▶ [TASK INSTRUCTIONS]
Output only the stretch of the listing that starts at the line containing "298.459C396.19 300.154 395.705" and ends at the line containing "298.46V320.412C387.641 330.387 384.36", reproduced exactly with both ends.

### RECORDS PROVIDED

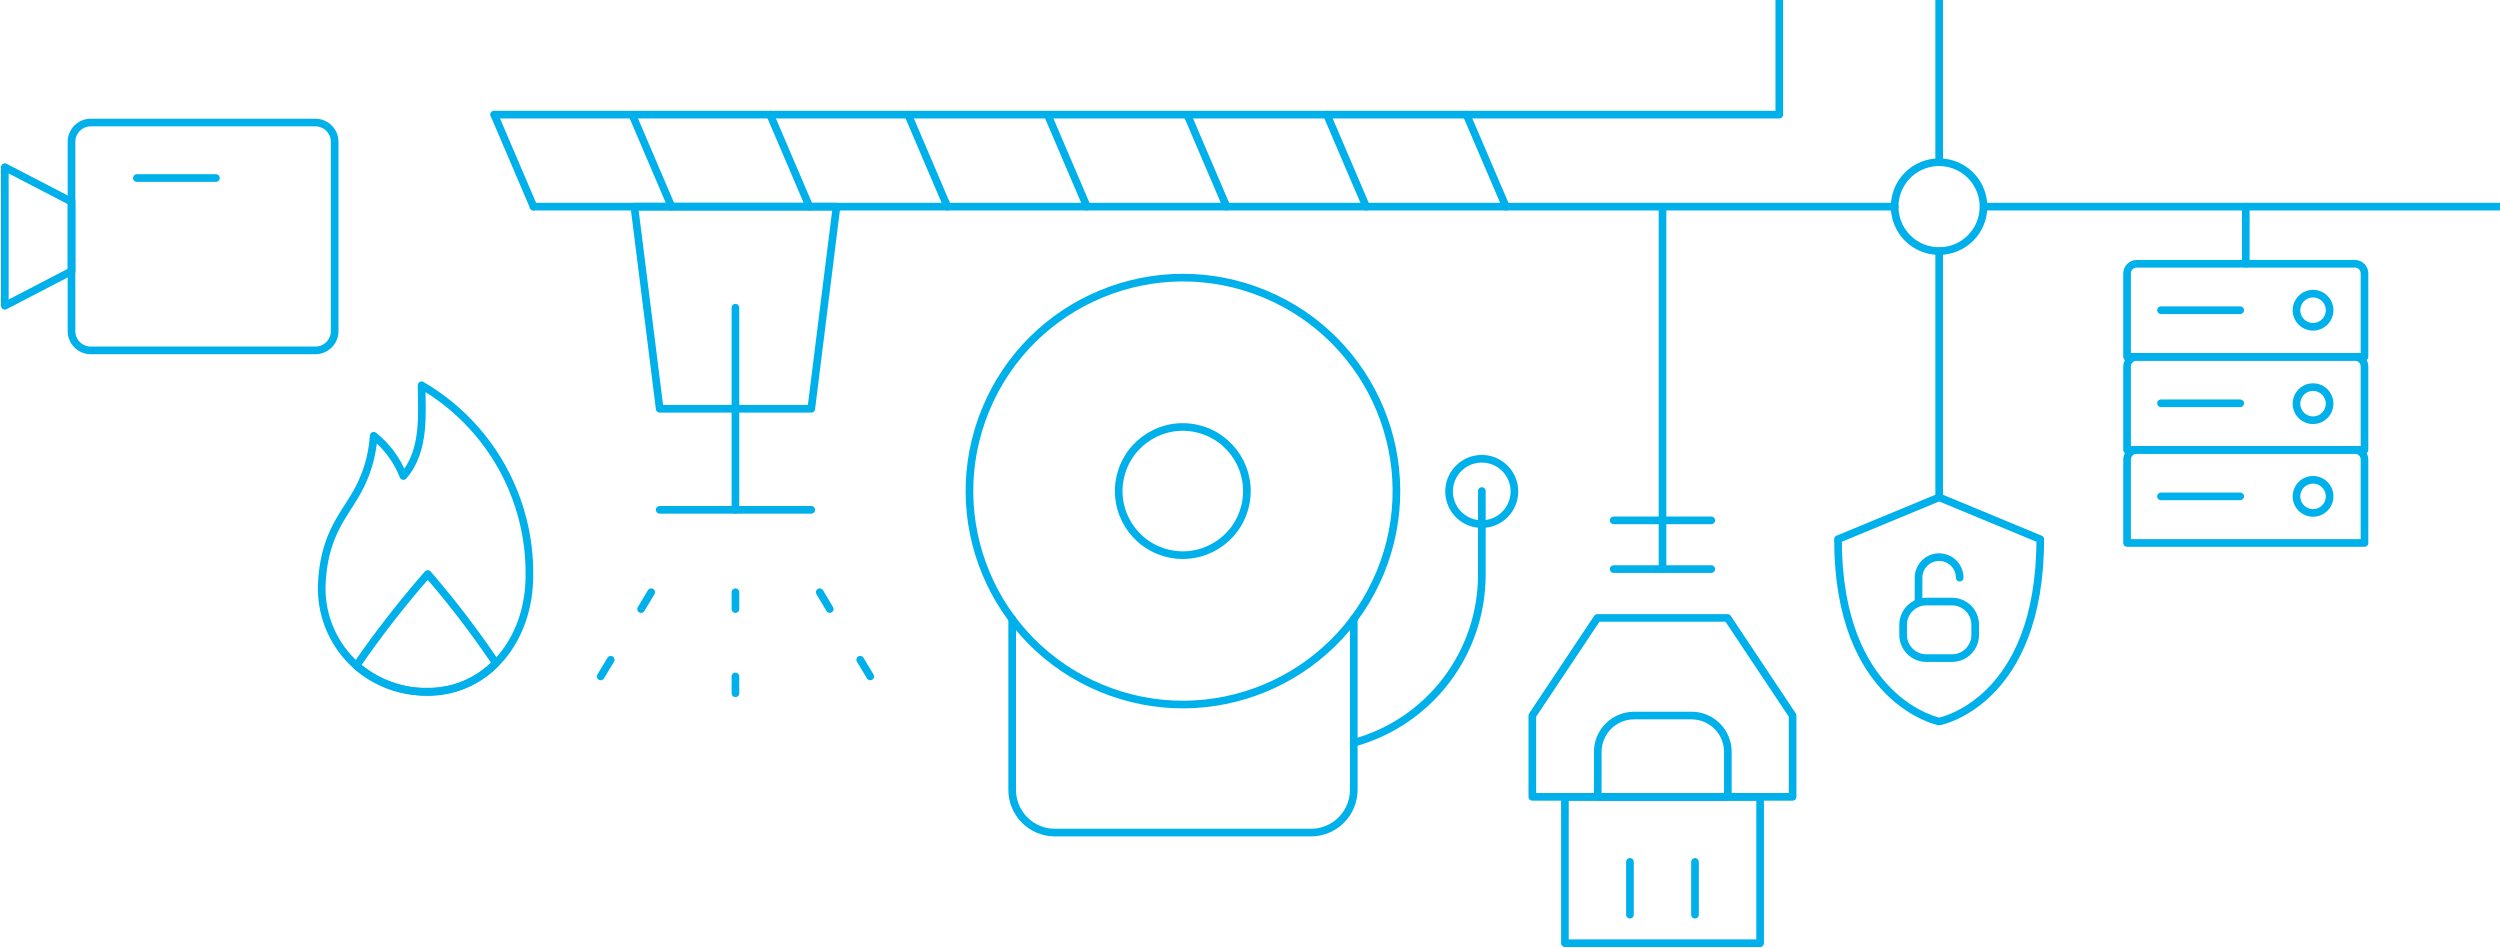 <svg width="654" height="248" viewBox="0 170 654 248" fill="none" xmlns="http://www.w3.org/2000/svg">
    <path d="M460.45 378.456H409.379V416.74H460.45V378.456Z" stroke="#00B0EA" stroke-width="2" stroke-linecap="round" stroke-linejoin="round"/>
    <path d="M451.93 331.652H417.874L400.858 357.184V378.455H468.945V357.184L451.93 331.652Z" stroke="#00B0EA" stroke-width="2" stroke-linecap="round" stroke-linejoin="round"/>
    <path d="M426.394 395.468V409.28" stroke="#00B0EA" stroke-width="2" stroke-linecap="round" stroke-linejoin="round"/>
    <path d="M443.409 395.468V409.28" stroke="#00B0EA" stroke-width="2" stroke-linecap="round" stroke-linejoin="round"/>
    <path d="M422.134 306.122H447.67" stroke="#00B0EA" stroke-width="2" stroke-linecap="round" stroke-linejoin="round"/>
    <path d="M422.134 318.875H447.67" stroke="#00B0EA" stroke-width="2" stroke-linecap="round" stroke-linejoin="round"/>
    <path d="M427.377 357.184H442.502C445.022 357.184 447.44 358.186 449.222 359.967C451.004 361.749 452.005 364.166 452.005 366.686V378.456H417.974V366.686C417.974 364.184 418.962 361.782 420.722 360.003C422.483 358.224 424.874 357.211 427.377 357.184V357.184Z" stroke="#00B0EA" stroke-width="2" stroke-linecap="round" stroke-linejoin="round"/>
    <path d="M434.914 318.875V224.286" stroke="#00B0EA" stroke-width="2" stroke-linecap="round" stroke-linejoin="round"/>
    <path d="M507.286 300.097V235.677" stroke="#00B0EA" stroke-width="2" stroke-linecap="round" stroke-linejoin="round"/>
    <path d="M507.287 358.746C507.287 358.746 480.818 353.504 480.818 311.061L507.287 300.098L533.73 311.061C533.73 353.831 507.287 358.746 507.287 358.746Z" stroke="#00B0EA" stroke-width="2" stroke-linecap="round" stroke-linejoin="round"/>
    <path d="M503.934 342.162H510.639C513.994 342.162 516.714 339.443 516.714 336.088V333.442C516.714 330.087 513.994 327.368 510.639 327.368H503.934C500.579 327.368 497.859 330.087 497.859 333.442V336.088C497.859 339.443 500.579 342.162 503.934 342.162Z" stroke="#00B0EA" stroke-width="2" stroke-linecap="round" stroke-linejoin="round"/>
    <path d="M512.656 321.117C512.656 319.693 512.09 318.328 511.083 317.321C510.076 316.314 508.711 315.749 507.287 315.749C506.579 315.746 505.878 315.882 505.224 316.15C504.57 316.419 503.975 316.813 503.474 317.312C502.972 317.811 502.575 318.404 502.303 319.057C502.032 319.71 501.892 320.41 501.892 321.117V327.368" stroke="#00B0EA" stroke-width="2" stroke-linecap="round" stroke-linejoin="round"/>
    <path d="M383.641 199.99H465.466V1.26" stroke="#00B0EA" stroke-width="2" stroke-linecap="round" stroke-linejoin="round"/>
    <path d="M383.641 199.99H129.292" stroke="#00B0EA" stroke-width="2" stroke-linecap="round" stroke-linejoin="round"/>
    <path d="M495.666 224.059H139.577" stroke="#00B0EA" stroke-width="2" stroke-linecap="round" stroke-linejoin="round"/>
    <path d="M247.845 224.059L237.561 199.99" stroke="#00B0EA" stroke-width="2" stroke-linecap="round" stroke-linejoin="round"/>
    <path d="M211.747 224.059L201.463 199.99" stroke="#00B0EA" stroke-width="2" stroke-linecap="round" stroke-linejoin="round"/>
    <path d="M284.347 224.059L274.062 199.99" stroke="#00B0EA" stroke-width="2" stroke-linecap="round" stroke-linejoin="round"/>
    <path d="M320.873 224.059L310.588 199.99" stroke="#00B0EA" stroke-width="2" stroke-linecap="round" stroke-linejoin="round"/>
    <path d="M357.4 224.059L347.115 199.99" stroke="#00B0EA" stroke-width="2" stroke-linecap="round" stroke-linejoin="round"/>
    <path d="M393.951 224.059L383.641 199.99" stroke="#00B0EA" stroke-width="2" stroke-linecap="round" stroke-linejoin="round"/>
    <path d="M175.675 224.059L165.39 199.99" stroke="#00B0EA" stroke-width="2" stroke-linecap="round" stroke-linejoin="round"/>
    <path d="M139.577 224.059L129.292 199.99" stroke="#00B0EA" stroke-width="2" stroke-linecap="round" stroke-linejoin="round"/>
    <path d="M172.574 276.936H212.226L218.831 224.059H165.945L172.574 276.936Z" stroke="#00B0EA" stroke-width="2" stroke-linecap="round" stroke-linejoin="round"/>
    <path d="M192.388 303.375V250.498" stroke="#00B0EA" stroke-width="2" stroke-linecap="round" stroke-linejoin="round"/>
    <path d="M212.226 303.375H172.574" stroke="#00B0EA" stroke-width="2" stroke-linecap="round" stroke-linejoin="round"/>
    <path d="M192.388 324.923V329.334" stroke="#00B0EA" stroke-width="2" stroke-linecap="round" stroke-linejoin="round"/>
    <path d="M192.388 346.952V351.362" stroke="#00B0EA" stroke-width="2" stroke-linecap="round" stroke-linejoin="round"/>
    <path d="M225.032 342.592L227.654 346.952" stroke="#00B0EA" stroke-width="2" stroke-linecap="round" stroke-linejoin="round"/>
    <path d="M214.445 324.923L217.066 329.334" stroke="#00B0EA" stroke-width="2" stroke-linecap="round" stroke-linejoin="round"/>
    <path d="M159.769 342.592L157.147 346.952" stroke="#00B0EA" stroke-width="2" stroke-linecap="round" stroke-linejoin="round"/>
    <path d="M170.356 324.923L167.709 329.334" stroke="#00B0EA" stroke-width="2" stroke-linecap="round" stroke-linejoin="round"/>
    <path d="M507.286 37.074V212.44" stroke="#00B0EA" stroke-width="2" stroke-linecap="round" stroke-linejoin="round"/>
    <path d="M361.044 319.831C372.845 291.347 359.316 258.69 330.826 246.891C302.336 235.093 269.674 248.619 257.873 277.104C246.072 305.589 259.601 338.245 288.091 350.044C316.581 361.843 349.243 348.316 361.044 319.831Z" stroke="#00B0EA" stroke-width="2" stroke-linecap="round" stroke-linejoin="round"/>
    <path d="M325.737 302.314C327.863 293.305 322.283 284.278 313.272 282.152C304.262 280.025 295.233 285.605 293.106 294.614C290.98 303.623 296.56 312.65 305.571 314.776C314.581 316.902 323.61 311.323 325.737 302.314Z" stroke="#00B0EA" stroke-width="2" stroke-linecap="round" stroke-linejoin="round"/>
    <path d="M396.17 298.459C396.19 300.154 395.705 301.817 394.777 303.236C393.849 304.655 392.52 305.765 390.959 306.427C389.398 307.088 387.675 307.27 386.01 306.95C384.345 306.63 382.813 305.822 381.609 304.628C380.405 303.435 379.583 301.911 379.248 300.249C378.912 298.587 379.079 296.863 379.727 295.297C380.375 293.73 381.474 292.391 382.884 291.451C384.295 290.511 385.954 290.011 387.649 290.016C389.896 290.016 392.052 290.903 393.647 292.484C395.243 294.066 396.15 296.213 396.17 298.459V298.459Z" stroke="#00B0EA" stroke-width="2" stroke-linecap="round" stroke-linejoin="round"/>
    <path d="M387.649 298.46V320.412C387.641 330.387 384.36 340.085 378.308 348.016C372.256 355.947 363.769 361.673 354.148 364.316" stroke="#00B0EA" stroke-width="2" stroke-linecap="round" stroke-linejoin="round"/>
    <path d="M264.785 331.854V376.641C264.785 378.107 265.074 379.559 265.635 380.914C266.196 382.268 267.019 383.499 268.056 384.536C269.093 385.573 270.324 386.395 271.679 386.956C273.034 387.517 274.486 387.806 275.952 387.806H342.955C345.919 387.806 348.762 386.63 350.861 384.537C352.959 382.444 354.141 379.604 354.148 376.641V331.854" stroke="#00B0EA" stroke-width="2" stroke-linecap="round" stroke-linejoin="round"/>
    <path d="M518.882 224.059C518.882 221.76 518.2 219.513 516.922 217.601C515.644 215.69 513.828 214.201 511.703 213.322C509.578 212.444 507.24 212.215 504.985 212.665C502.73 213.116 500.659 214.225 499.035 215.852C497.411 217.48 496.306 219.552 495.861 221.808C495.415 224.063 495.649 226.4 496.532 228.523C497.416 230.646 498.909 232.458 500.824 233.732C502.738 235.006 504.987 235.683 507.287 235.678C508.812 235.678 510.321 235.377 511.73 234.793C513.138 234.209 514.418 233.353 515.495 232.273C516.572 231.194 517.426 229.913 518.007 228.504C518.588 227.094 518.886 225.584 518.882 224.059Z" stroke="#00B0EA" stroke-width="2" stroke-linecap="round" stroke-linejoin="round"/>
    <path d="M618.555 263.352H556.442V241.526C556.442 240.857 556.708 240.216 557.18 239.744C557.653 239.271 558.295 239.005 558.963 239.005H616.034C616.703 239.005 617.344 239.271 617.817 239.744C618.289 240.216 618.555 240.857 618.555 241.526V263.352Z" stroke="#00B0EA" stroke-width="2" stroke-linecap="round" stroke-linejoin="round"/>
    <path d="M600.758 251.153C600.758 250.296 601.012 249.458 601.489 248.745C601.965 248.032 602.642 247.476 603.435 247.148C604.227 246.82 605.098 246.734 605.939 246.902C606.781 247.069 607.553 247.482 608.16 248.088C608.766 248.694 609.179 249.467 609.346 250.308C609.514 251.148 609.428 252.02 609.099 252.812C608.771 253.604 608.216 254.281 607.503 254.758C606.79 255.234 605.951 255.488 605.094 255.488C603.944 255.488 602.841 255.032 602.028 254.219C601.215 253.406 600.758 252.303 600.758 251.153V251.153Z" stroke="#00B0EA" stroke-width="2" stroke-linecap="round" stroke-linejoin="round"/>
    <path d="M586.036 251.153H565.315" stroke="#00B0EA" stroke-width="2" stroke-linecap="round" stroke-linejoin="round"/>
    <path d="M618.555 287.698H556.442V265.871C556.442 265.203 556.708 264.562 557.18 264.089C557.653 263.617 558.295 263.351 558.963 263.351H616.034C616.703 263.351 617.344 263.617 617.817 264.089C618.289 264.562 618.555 265.203 618.555 265.871V287.698Z" stroke="#00B0EA" stroke-width="2" stroke-linecap="round" stroke-linejoin="round"/>
    <path d="M600.758 275.499C600.778 274.646 601.049 273.818 601.537 273.119C602.025 272.419 602.709 271.879 603.503 271.567C604.297 271.254 605.165 271.182 606 271.361C606.834 271.539 607.597 271.96 608.193 272.57C608.79 273.18 609.193 273.953 609.352 274.791C609.511 275.629 609.42 276.495 609.089 277.281C608.758 278.068 608.202 278.739 607.492 279.211C606.781 279.683 605.947 279.935 605.094 279.935C604.516 279.935 603.944 279.82 603.411 279.596C602.878 279.371 602.396 279.043 601.992 278.63C601.588 278.217 601.27 277.727 601.058 277.189C600.847 276.651 600.744 276.077 600.758 275.499Z" stroke="#00B0EA" stroke-width="2" stroke-linecap="round" stroke-linejoin="round"/>
    <path d="M586.036 275.5H565.315" stroke="#00B0EA" stroke-width="2" stroke-linecap="round" stroke-linejoin="round"/>
    <path d="M618.555 312.045H556.442V290.218C556.442 289.55 556.708 288.909 557.18 288.436C557.653 287.964 558.295 287.698 558.963 287.698H616.034C616.703 287.698 617.344 287.964 617.817 288.436C618.289 288.909 618.555 289.55 618.555 290.218V312.045Z" stroke="#00B0EA" stroke-width="2" stroke-linecap="round" stroke-linejoin="round"/>
    <path d="M600.758 299.846C600.758 298.989 601.012 298.15 601.489 297.438C601.965 296.725 602.642 296.169 603.435 295.841C604.227 295.513 605.098 295.427 605.939 295.594C606.781 295.762 607.553 296.174 608.16 296.781C608.766 297.387 609.179 298.159 609.346 299C609.514 299.841 609.428 300.713 609.099 301.505C608.771 302.297 608.216 302.974 607.503 303.45C606.79 303.927 605.951 304.181 605.094 304.181C603.944 304.181 602.841 303.724 602.028 302.911C601.215 302.098 600.758 300.996 600.758 299.846V299.846Z" stroke="#00B0EA" stroke-width="2" stroke-linecap="round" stroke-linejoin="round"/>
    <path d="M586.036 299.847H565.315" stroke="#00B0EA" stroke-width="2" stroke-linecap="round" stroke-linejoin="round"/>
    <path d="M722.74 224.059H518.907" stroke="#00B0EA" stroke-width="2" stroke-linecap="round" stroke-linejoin="round"/>
    <path d="M587.498 238.979V224.059" stroke="#00B0EA" stroke-width="2" stroke-linecap="round" stroke-linejoin="round"/>
    <path d="M84.17 323.083C84.051 326.762 84.687 330.426 86.037 333.85C87.387 337.274 89.423 340.386 92.02 342.994C94.617 345.603 97.72 347.652 101.139 349.018C104.557 350.383 108.219 351.035 111.898 350.933C127.628 350.933 138.493 337.349 138.493 320.563C138.616 310.513 136.069 300.61 131.114 291.865C126.158 283.12 118.971 275.847 110.285 270.786C110.285 277.641 111.419 287.824 105.521 294.528C103.906 290.394 101.227 286.76 97.757 283.993C97.406 289.627 95.674 295.088 92.715 299.896C89.64 305.138 84.623 310.582 84.17 323.083Z" stroke="#00B0EA" stroke-width="2" stroke-linecap="round" stroke-linejoin="round"/>
    <path d="M93.245 344.128C98.994 335.785 105.222 327.782 111.898 320.159C118.308 327.561 124.26 335.346 129.721 343.473C127.417 345.874 124.649 347.782 121.585 349.082C118.522 350.381 115.226 351.045 111.898 351.034C105.056 351.025 98.442 348.577 93.245 344.128V344.128Z" stroke="#00B0EA" stroke-width="2" stroke-linecap="round" stroke-linejoin="round"/>
    <path d="M23.746 261.662H82.506C85.29 261.662 87.547 259.405 87.547 256.622V207.097C87.547 204.313 85.29 202.056 82.506 202.056H23.746C20.962 202.056 18.704 204.313 18.704 207.097V256.622C18.704 259.405 20.962 261.662 23.746 261.662Z" stroke="#00B0EA" stroke-width="2" stroke-linecap="round" stroke-linejoin="round"/>
    <path d="M1.26 249.993L18.73 240.92V222.798L1.26 213.725V249.993Z" stroke="#00B0EA" stroke-width="2" stroke-linecap="round" stroke-linejoin="round"/>
    <path d="M56.491 216.574H35.795" stroke="#00B0EA" stroke-width="2" stroke-linecap="round" stroke-linejoin="round"/>
</svg>

######

▶ [FINAL ANSWER]
    <path d="M396.17 298.459C396.19 300.154 395.705 301.817 394.777 303.236C393.849 304.655 392.52 305.765 390.959 306.427C389.398 307.088 387.675 307.27 386.01 306.95C384.345 306.63 382.813 305.822 381.609 304.628C380.405 303.435 379.583 301.911 379.248 300.249C378.912 298.587 379.079 296.863 379.727 295.297C380.375 293.73 381.474 292.391 382.884 291.451C384.295 290.511 385.954 290.011 387.649 290.016C389.896 290.016 392.052 290.903 393.647 292.484C395.243 294.066 396.15 296.213 396.17 298.459V298.459Z" stroke="#00B0EA" stroke-width="2" stroke-linecap="round" stroke-linejoin="round"/>
    <path d="M387.649 298.46V320.412C387.641 330.387 384.36 340.085 378.308 348.016C372.256 355.947 363.769 361.673 354.148 364.316" stroke="#00B0EA" stroke-width="2" stroke-linecap="round" stroke-linejoin="round"/>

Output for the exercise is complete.